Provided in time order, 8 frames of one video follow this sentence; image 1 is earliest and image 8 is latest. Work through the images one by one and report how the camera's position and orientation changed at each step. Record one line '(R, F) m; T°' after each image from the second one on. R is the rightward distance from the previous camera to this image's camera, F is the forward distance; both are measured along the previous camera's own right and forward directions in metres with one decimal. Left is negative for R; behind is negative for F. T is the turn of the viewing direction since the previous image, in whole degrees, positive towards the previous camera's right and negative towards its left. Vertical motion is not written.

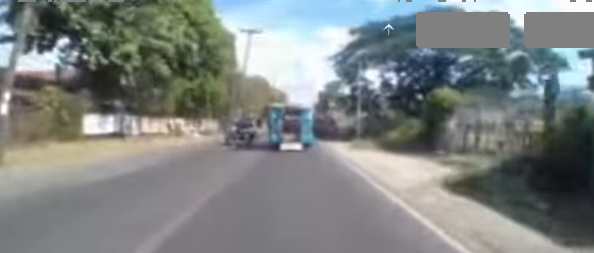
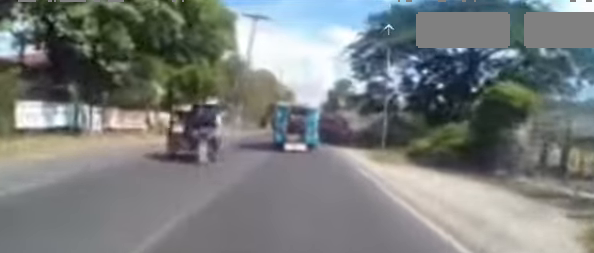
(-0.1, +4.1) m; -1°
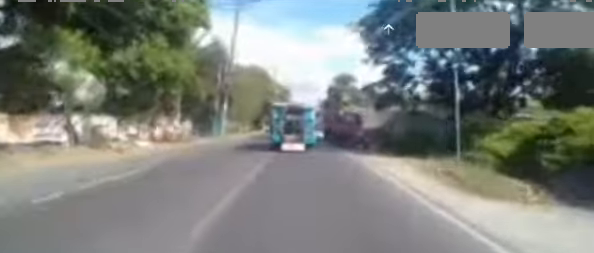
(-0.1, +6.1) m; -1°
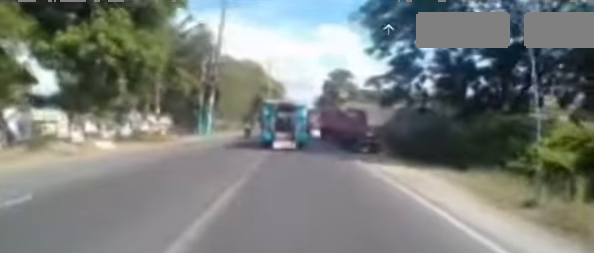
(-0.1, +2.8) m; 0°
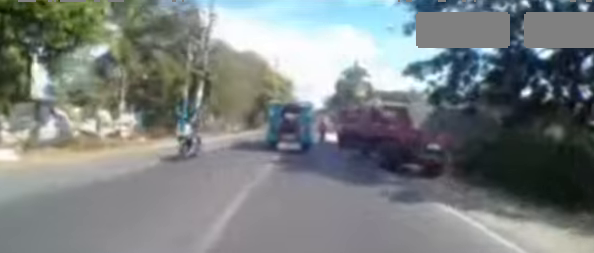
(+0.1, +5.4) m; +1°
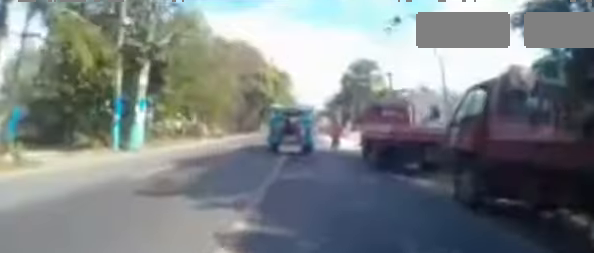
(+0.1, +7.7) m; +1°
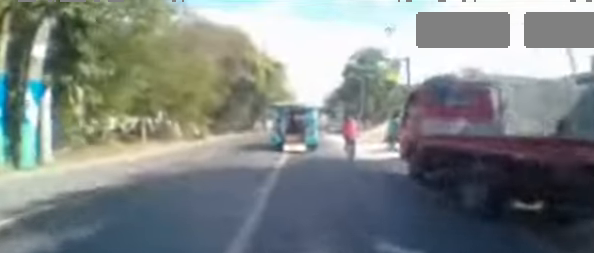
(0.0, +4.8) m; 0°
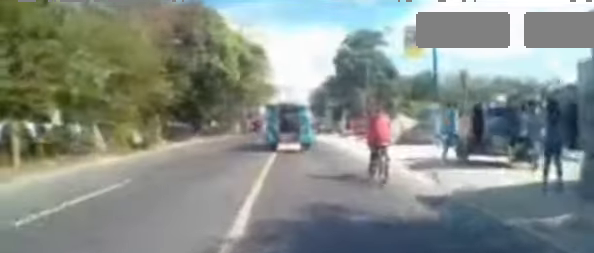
___
Task objective:
A verbatim copy of the data, with all pictures omitted, is the required output.

Response area:
Provided in time order, 8 frames of one video follow this sentence; image 1 is earliest and image 8 is latest. Work through the images one by one and report how the camera's position and orientation changed at each step. Record one line '(R, F) m; T°' after each image from the second one on. R is the rightward distance from the previous camera to this image's camera, F is the forward distance; both are measured along the previous camera's own right and forward directions in metres with one decimal. Left is negative for R; behind is negative for F. T is the turn of the viewing direction since the previous image, in whole degrees, positive towards the previous camera's right and negative towards its left. Vertical motion is not written.

(-0.1, +4.1) m; -1°
(-0.1, +6.1) m; -1°
(-0.1, +2.8) m; 0°
(+0.1, +5.4) m; +1°
(+0.1, +7.7) m; +1°
(0.0, +4.8) m; 0°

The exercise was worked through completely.